公務員は長い間、安定した雇用と公正な労働条件を提供することから、人気のある職業であるとされていました。

実際、民間企業が実施するアンケートにおいて、「親が子供に就かせたい職業」では、毎年1位になっているなど、その人気ぶりには定評があります。

また、景気を問わずに安定しており、不景気でもクビになりにくいとされている公務員は、特に景気下降局面において、多くの人からうらやまがられたものです。

また、仕事についても「国のため」「地方のため」といった高い志で働く事も出来ましたし、福祉を志す者にとっては「一人一人の生活を守るため」という目的で働くことができるなど単に「安定」だけにとどまらない「やりがい」が感じられる職業であるとも評価されています。

なぜ、高まる公務員の転職志向…

しかし、近年では「公務=人気の職業」という図式が、少しずつ崩れ始めて行っている実感があります。

X(旧Twitter)を見ても、多くの公務員がネガティブな情報発信をしていたり、転職活動に励む様子が報告されていたり…。

この様子を見ていると「公務員=人気の職業」とか「親が子供に就かせたい職業No.1」というような話は、にわかには信じられなくなってしまいます。
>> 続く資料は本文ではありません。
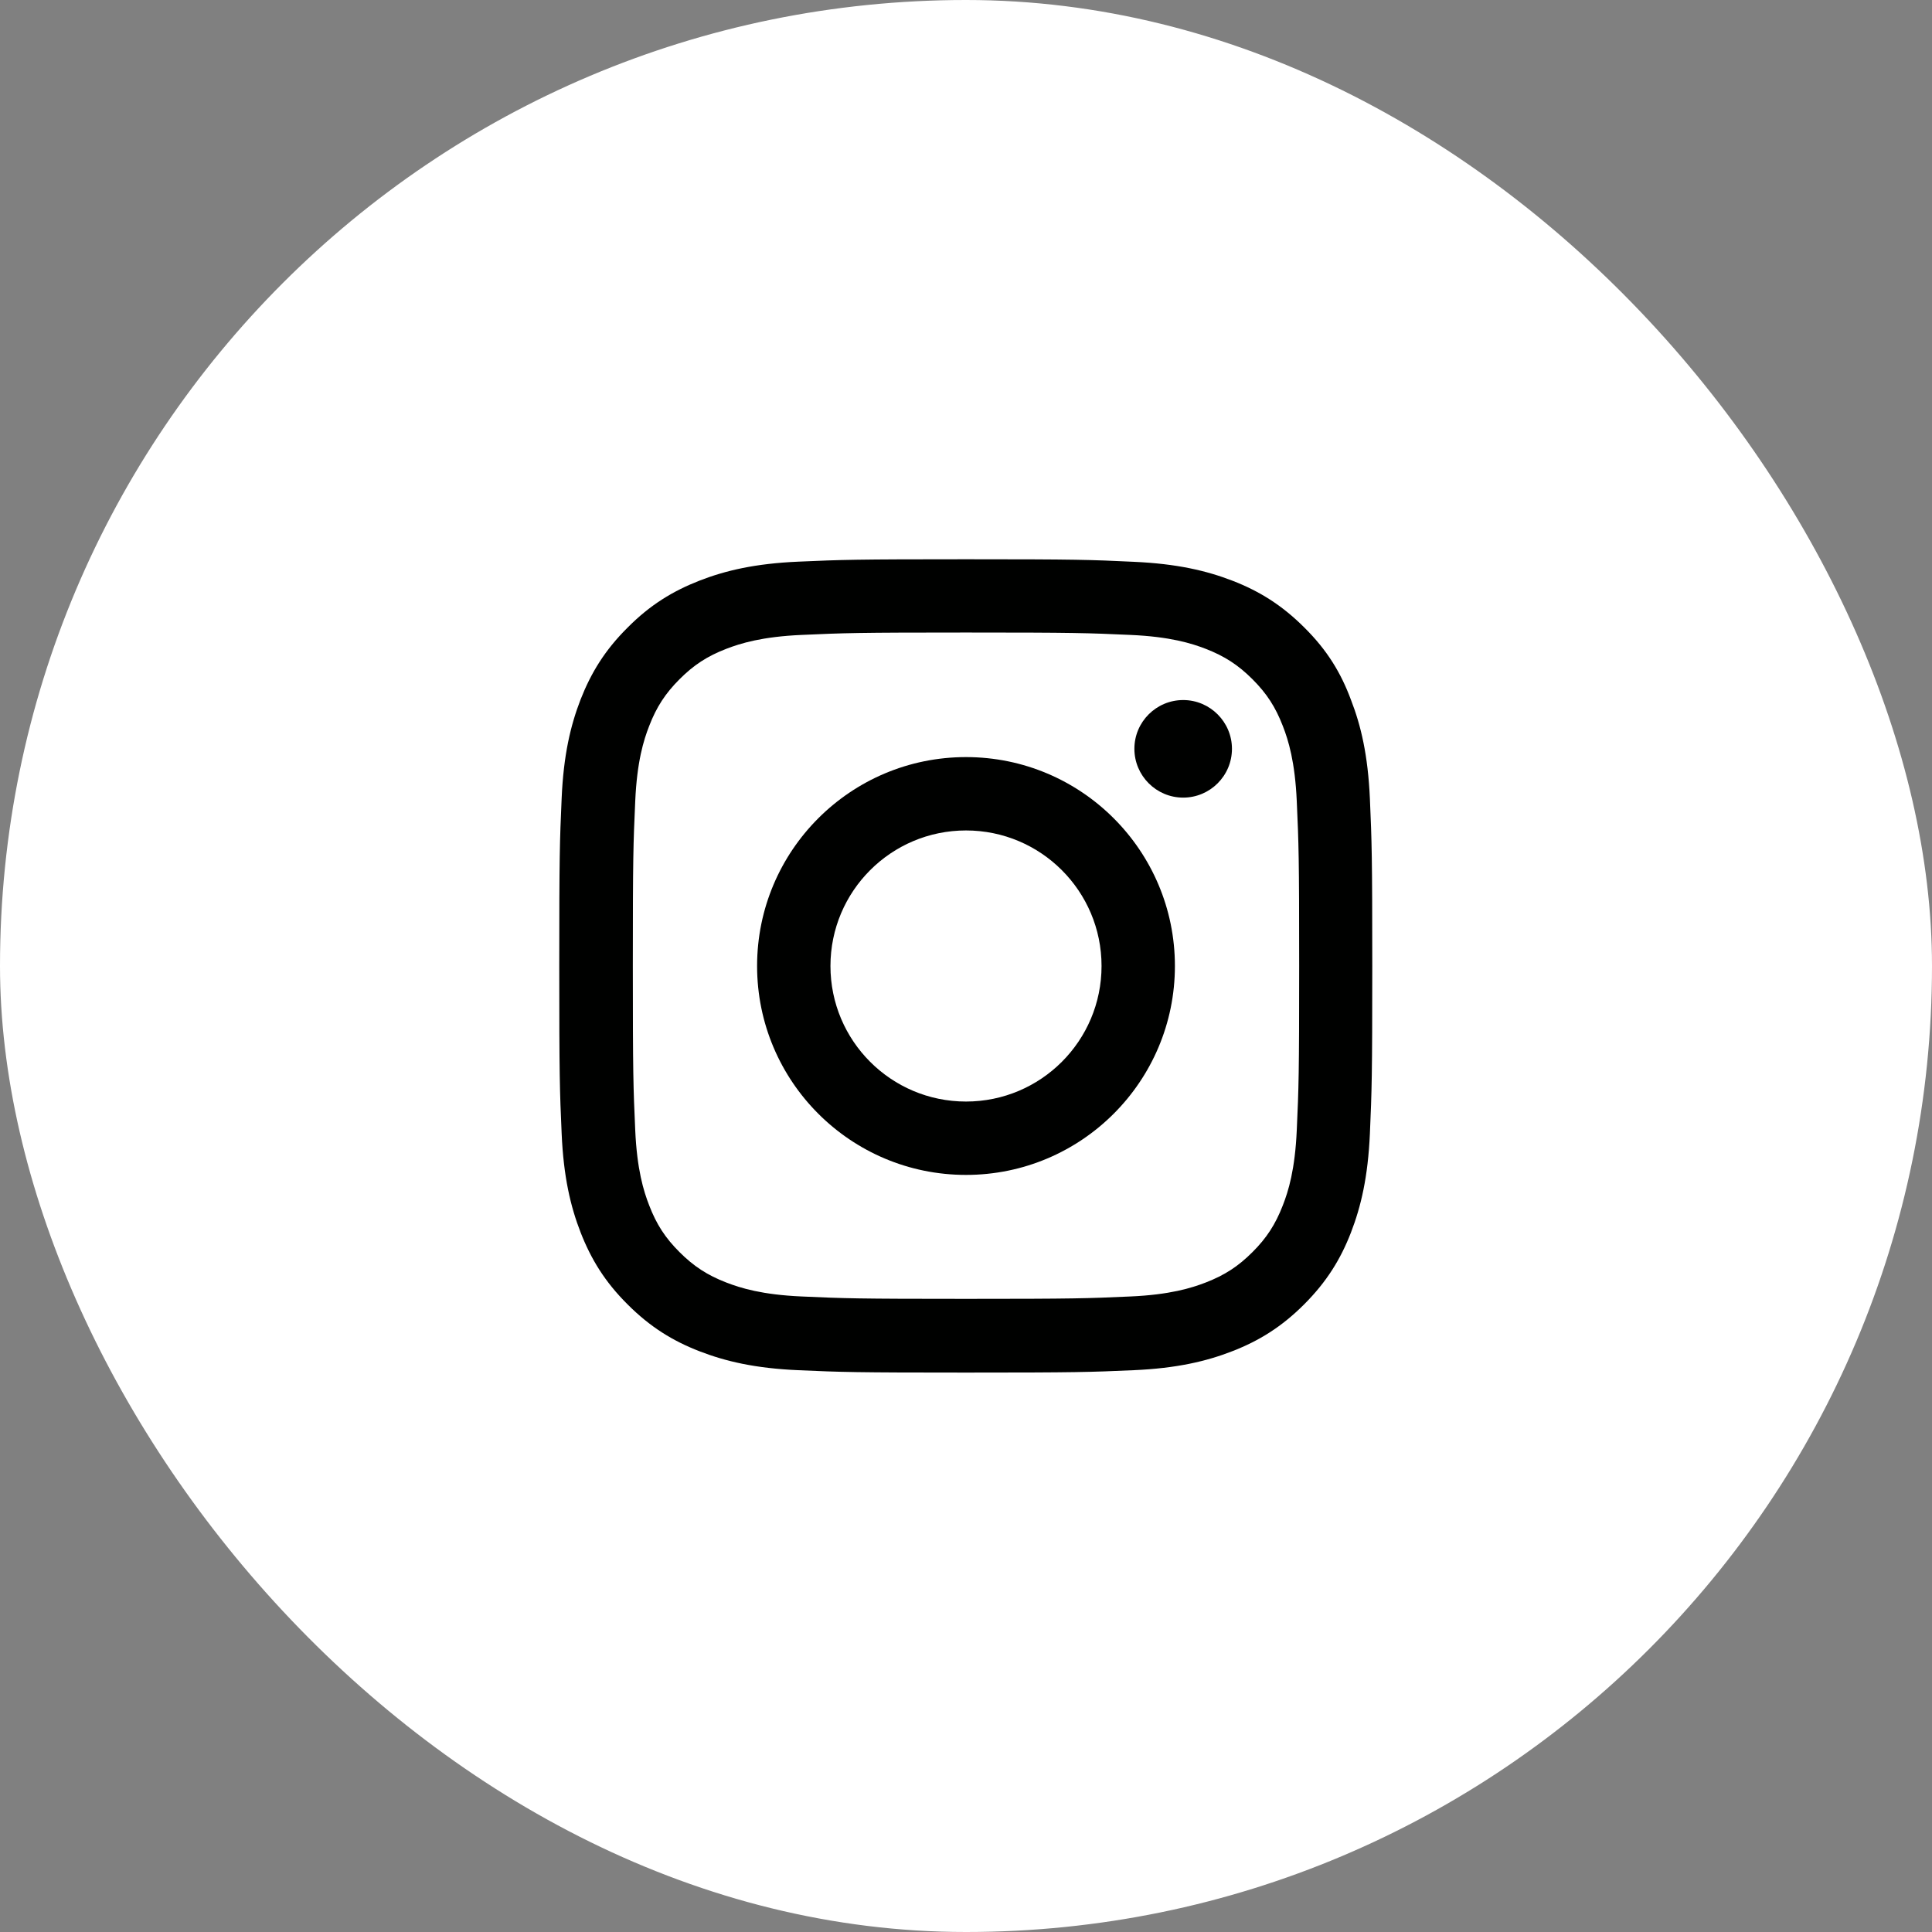 <?xml version="1.0" encoding="UTF-8"?> <svg xmlns="http://www.w3.org/2000/svg" width="38" height="38" viewBox="0 0 38 38" fill="none"><rect x="0" y="0" width="38" height="38" fill="#808080" stroke="none"/><rect width="38" height="38" rx="19" fill="white"></rect><g clip-path="url(#clip0_2474_1010)"><path d="M19 12.441C21.137 12.441 21.391 12.45 22.231 12.488C23.012 12.522 23.434 12.653 23.716 12.762C24.087 12.906 24.356 13.081 24.634 13.359C24.916 13.641 25.087 13.906 25.231 14.278C25.341 14.559 25.472 14.984 25.506 15.762C25.544 16.606 25.553 16.859 25.553 18.994C25.553 21.131 25.544 21.384 25.506 22.225C25.472 23.006 25.341 23.428 25.231 23.709C25.087 24.081 24.913 24.35 24.634 24.628C24.353 24.909 24.087 25.081 23.716 25.225C23.434 25.334 23.009 25.466 22.231 25.5C21.387 25.538 21.134 25.547 19 25.547C16.863 25.547 16.609 25.538 15.769 25.5C14.988 25.466 14.566 25.334 14.284 25.225C13.912 25.081 13.644 24.906 13.366 24.628C13.084 24.347 12.912 24.081 12.769 23.709C12.659 23.428 12.528 23.003 12.494 22.225C12.456 21.381 12.447 21.128 12.447 18.994C12.447 16.856 12.456 16.603 12.494 15.762C12.528 14.981 12.659 14.559 12.769 14.278C12.912 13.906 13.088 13.637 13.366 13.359C13.647 13.078 13.912 12.906 14.284 12.762C14.566 12.653 14.991 12.522 15.769 12.488C16.609 12.45 16.863 12.441 19 12.441ZM19 11C16.828 11 16.556 11.009 15.703 11.047C14.853 11.084 14.269 11.222 13.762 11.419C13.234 11.625 12.787 11.897 12.344 12.344C11.897 12.787 11.625 13.234 11.419 13.759C11.222 14.269 11.084 14.85 11.047 15.7C11.009 16.556 11 16.828 11 19C11 21.172 11.009 21.444 11.047 22.297C11.084 23.147 11.222 23.731 11.419 24.238C11.625 24.766 11.897 25.212 12.344 25.656C12.787 26.1 13.234 26.375 13.759 26.578C14.269 26.775 14.85 26.913 15.7 26.95C16.553 26.988 16.825 26.997 18.997 26.997C21.169 26.997 21.441 26.988 22.294 26.95C23.144 26.913 23.728 26.775 24.234 26.578C24.759 26.375 25.206 26.1 25.65 25.656C26.094 25.212 26.369 24.766 26.572 24.241C26.769 23.731 26.906 23.15 26.944 22.3C26.981 21.447 26.991 21.175 26.991 19.003C26.991 16.831 26.981 16.559 26.944 15.706C26.906 14.856 26.769 14.272 26.572 13.766C26.375 13.234 26.103 12.787 25.656 12.344C25.212 11.9 24.766 11.625 24.241 11.422C23.731 11.225 23.15 11.088 22.3 11.05C21.444 11.009 21.172 11 19 11Z" fill="#000100"></path><path d="M19 14.891C16.731 14.891 14.891 16.731 14.891 19C14.891 21.269 16.731 23.109 19 23.109C21.269 23.109 23.109 21.269 23.109 19C23.109 16.731 21.269 14.891 19 14.891ZM19 21.666C17.528 21.666 16.334 20.472 16.334 19C16.334 17.528 17.528 16.334 19 16.334C20.472 16.334 21.666 17.528 21.666 19C21.666 20.472 20.472 21.666 19 21.666Z" fill="#000100"></path><path d="M24.231 14.728C24.231 15.259 23.8 15.688 23.272 15.688C22.741 15.688 22.312 15.256 22.312 14.728C22.312 14.197 22.744 13.769 23.272 13.769C23.8 13.769 24.231 14.2 24.231 14.728Z" fill="#000100"></path></g><defs><clipPath id="clip0_2474_1010"><rect width="16" height="16" fill="white" transform="translate(11 11)"></rect></clipPath></defs></svg>

いったいなぜ、公務員の転職志向は高まってしまっているのでしょうか?理由をいくつか、考察してみることにします。

【理由①】公務員の労働時間が想像より長い

まず、公務員のことをよく調べずに就職した人の多くが

「勤務時間は9時5時で、土日は休み」

というのを想像しており、「プライベートな時間がたっぷりあって、趣味に家庭にと充実した時間を過ごせる」というふうに思っているようです。

しかし、実際は、「勤務時間は9時5時で、土日は休み」というふうな労働環境にある職場はごく一部。
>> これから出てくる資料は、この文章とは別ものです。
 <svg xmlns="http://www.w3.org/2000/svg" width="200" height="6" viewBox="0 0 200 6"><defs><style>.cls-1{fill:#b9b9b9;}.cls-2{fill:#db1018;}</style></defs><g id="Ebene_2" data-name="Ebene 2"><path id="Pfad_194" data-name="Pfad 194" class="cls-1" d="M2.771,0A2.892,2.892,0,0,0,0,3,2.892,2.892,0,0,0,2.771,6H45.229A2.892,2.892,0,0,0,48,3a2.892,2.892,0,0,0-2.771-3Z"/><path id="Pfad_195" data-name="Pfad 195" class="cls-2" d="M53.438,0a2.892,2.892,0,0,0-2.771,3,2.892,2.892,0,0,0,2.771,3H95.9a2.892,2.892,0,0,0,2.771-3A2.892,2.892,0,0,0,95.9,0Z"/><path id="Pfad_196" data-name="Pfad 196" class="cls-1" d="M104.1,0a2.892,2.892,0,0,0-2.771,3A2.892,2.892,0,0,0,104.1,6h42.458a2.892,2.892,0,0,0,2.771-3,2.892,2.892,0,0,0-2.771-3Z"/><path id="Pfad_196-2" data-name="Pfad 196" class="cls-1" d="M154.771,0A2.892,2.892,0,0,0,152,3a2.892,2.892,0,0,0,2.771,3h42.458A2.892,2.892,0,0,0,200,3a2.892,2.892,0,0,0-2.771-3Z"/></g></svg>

例えば地方自治体の場合、財政課や企画課、部局総務課のような、「役所全体を管理する部署になると、帰宅時間が21時~22時は当たり前、ピーク時には午前様や徹夜も当たり前のようにあります。

また、本府庁勤務国家公務員の場合はさらに過酷で、国会対応や政治案件、予算などがかかわる部局にいたりすると、連日のタクシー帰りは当たり前で、ヘタしたら月曜日に出勤した後、金曜日までずっと泊まり込み…みたいな状況も当然のように存在します。

こういった厳しい労働環境に置かれることで、

「思っていたのと違う」

「こんな労働環境では、心身が壊れてしまう…」

となり、違う仕事を探してみたくなってしまうのです。

【理由➁】官僚制組織の中でやりがいが見いだせない

公務員が働く官公庁は、国・地方を問わず、いわゆる「官僚制組織」の体をとっています。

官僚制組織は、組織内で明確な階層が存在し、上位の管理者が指示を下し、下位の職員がそれを実行するという形態が取られます。

例えば、市役所の場合だと、

市長←副市長←部長←課長←係長←一般職員

といった具合のヒエラルキーがあり、このヒエラルキーに沿った指揮命令系統(上司・部下関係)が組まれ、それに基づいて職務が遂行されます。
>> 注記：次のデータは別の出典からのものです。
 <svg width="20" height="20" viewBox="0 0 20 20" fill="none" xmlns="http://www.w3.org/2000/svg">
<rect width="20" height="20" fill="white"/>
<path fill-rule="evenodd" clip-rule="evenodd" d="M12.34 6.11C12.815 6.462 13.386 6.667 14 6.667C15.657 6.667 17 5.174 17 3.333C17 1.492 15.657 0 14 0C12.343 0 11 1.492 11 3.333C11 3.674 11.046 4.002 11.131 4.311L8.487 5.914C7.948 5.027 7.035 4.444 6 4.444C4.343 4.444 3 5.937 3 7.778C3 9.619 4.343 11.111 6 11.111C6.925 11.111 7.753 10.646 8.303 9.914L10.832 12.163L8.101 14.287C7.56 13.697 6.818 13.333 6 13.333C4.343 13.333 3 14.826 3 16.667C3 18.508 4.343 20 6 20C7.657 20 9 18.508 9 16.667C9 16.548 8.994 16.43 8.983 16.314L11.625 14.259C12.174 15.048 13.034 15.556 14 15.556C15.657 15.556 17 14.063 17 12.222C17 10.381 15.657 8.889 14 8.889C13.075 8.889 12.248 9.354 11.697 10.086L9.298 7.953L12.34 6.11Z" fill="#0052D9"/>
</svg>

この制度の特徴としては、ルールや手続きに厳格であることが挙げられます。

官僚組織では、法律や規則に基づいて業務が遂行され、行政プロセスが透明性を持つようになっています。また、役割は個人のパーソナリティというよりも、組織・人事配置によって割り当てられ、職務の遂行において個人の判断よりも組織の方針や規定が優先されてることがあります。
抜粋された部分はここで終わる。